| Recorded data |
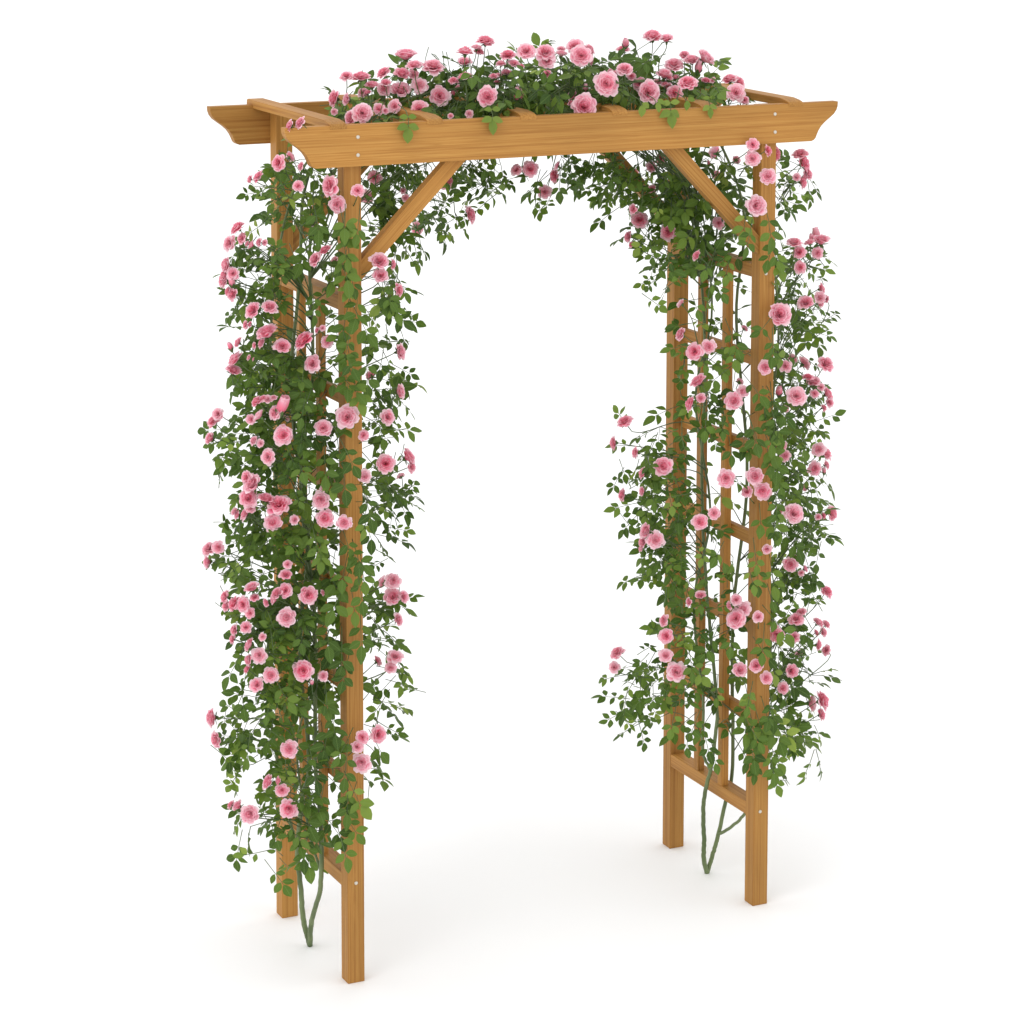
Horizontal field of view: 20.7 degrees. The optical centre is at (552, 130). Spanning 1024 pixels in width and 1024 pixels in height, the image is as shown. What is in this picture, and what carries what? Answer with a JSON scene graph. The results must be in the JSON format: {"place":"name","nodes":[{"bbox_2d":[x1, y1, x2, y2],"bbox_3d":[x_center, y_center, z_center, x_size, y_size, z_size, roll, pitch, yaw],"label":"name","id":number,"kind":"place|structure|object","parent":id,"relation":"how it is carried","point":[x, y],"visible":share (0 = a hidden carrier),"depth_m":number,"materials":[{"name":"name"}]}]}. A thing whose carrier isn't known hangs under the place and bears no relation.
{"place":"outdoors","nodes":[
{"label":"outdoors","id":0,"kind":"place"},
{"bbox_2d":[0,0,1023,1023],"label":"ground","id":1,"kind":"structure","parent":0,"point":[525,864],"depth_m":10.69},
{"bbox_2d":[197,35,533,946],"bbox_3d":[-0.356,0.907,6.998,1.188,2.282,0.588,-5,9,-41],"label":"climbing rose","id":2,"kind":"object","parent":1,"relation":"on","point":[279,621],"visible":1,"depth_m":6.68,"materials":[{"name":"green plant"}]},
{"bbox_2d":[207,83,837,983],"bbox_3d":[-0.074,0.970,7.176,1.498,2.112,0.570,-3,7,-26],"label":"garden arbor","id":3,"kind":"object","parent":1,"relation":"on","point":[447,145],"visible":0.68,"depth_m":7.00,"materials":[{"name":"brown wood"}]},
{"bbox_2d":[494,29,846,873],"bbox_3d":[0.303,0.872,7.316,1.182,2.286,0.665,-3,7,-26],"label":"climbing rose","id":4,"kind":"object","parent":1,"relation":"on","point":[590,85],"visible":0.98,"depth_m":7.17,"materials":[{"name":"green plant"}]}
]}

| Your task |
Restate the preceding entries in full, word for word, with the pictures removed.

| Exercise answer |
Horizontal field of view: 20.7 degrees. The optical centre is at (552, 130). Spanning 1024 pixels in width and 1024 pixels in height, the image is as shown. What is in this picture, and what carries what? Answer with a JSON scene graph. The results must be in the JSON format: {"place":"name","nodes":[{"bbox_2d":[x1, y1, x2, y2],"bbox_3d":[x_center, y_center, z_center, x_size, y_size, z_size, roll, pitch, yaw],"label":"name","id":number,"kind":"place|structure|object","parent":id,"relation":"how it is carried","point":[x, y],"visible":share (0 = a hidden carrier),"depth_m":number,"materials":[{"name":"name"}]}]}. A thing whose carrier isn't known hangs under the place and bears no relation.
{"place":"outdoors","nodes":[
{"label":"outdoors","id":0,"kind":"place"},
{"bbox_2d":[0,0,1023,1023],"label":"ground","id":1,"kind":"structure","parent":0,"point":[525,864],"depth_m":10.69},
{"bbox_2d":[197,35,533,946],"bbox_3d":[-0.356,0.907,6.998,1.188,2.282,0.588,-5,9,-41],"label":"climbing rose","id":2,"kind":"object","parent":1,"relation":"on","point":[279,621],"visible":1,"depth_m":6.68,"materials":[{"name":"green plant"}]},
{"bbox_2d":[207,83,837,983],"bbox_3d":[-0.074,0.970,7.176,1.498,2.112,0.570,-3,7,-26],"label":"garden arbor","id":3,"kind":"object","parent":1,"relation":"on","point":[447,145],"visible":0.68,"depth_m":7.00,"materials":[{"name":"brown wood"}]},
{"bbox_2d":[494,29,846,873],"bbox_3d":[0.303,0.872,7.316,1.182,2.286,0.665,-3,7,-26],"label":"climbing rose","id":4,"kind":"object","parent":1,"relation":"on","point":[590,85],"visible":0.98,"depth_m":7.17,"materials":[{"name":"green plant"}]}
]}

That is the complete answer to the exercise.